(About this task):
Below are the entries to work from; restate word for word the portion that opens with the line containing "The rendering uses" and closes with the line containing "The image shows", keeping both.

(Available records):
◇ ◇ ◇ ◇
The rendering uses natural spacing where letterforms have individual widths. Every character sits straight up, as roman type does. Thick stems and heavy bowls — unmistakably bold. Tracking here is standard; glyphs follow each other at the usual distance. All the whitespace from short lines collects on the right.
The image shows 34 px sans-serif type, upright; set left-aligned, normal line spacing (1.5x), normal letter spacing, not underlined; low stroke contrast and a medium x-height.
◇ ◇ ◇ ◇
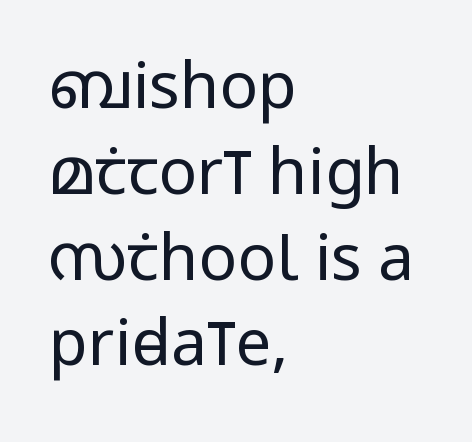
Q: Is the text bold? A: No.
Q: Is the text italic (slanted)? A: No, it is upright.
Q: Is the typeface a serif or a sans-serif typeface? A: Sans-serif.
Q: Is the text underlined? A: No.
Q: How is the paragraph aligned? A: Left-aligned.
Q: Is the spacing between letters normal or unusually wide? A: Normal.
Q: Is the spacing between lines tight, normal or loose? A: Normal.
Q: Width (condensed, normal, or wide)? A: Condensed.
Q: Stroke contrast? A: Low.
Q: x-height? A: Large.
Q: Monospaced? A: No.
◇ ◇ ◇ ◇
(Task solution):
The rendering uses natural spacing where letterforms have individual widths. Every character sits straight up, as roman type does. Thick stems and heavy bowls — unmistakably bold. Tracking here is standard; glyphs follow each other at the usual distance. All the whitespace from short lines collects on the right.
The image shows 34 px sans-serif type, upright; set left-aligned, normal line spacing (1.5x), normal letter spacing, not underlined; low stroke contrast and a medium x-height.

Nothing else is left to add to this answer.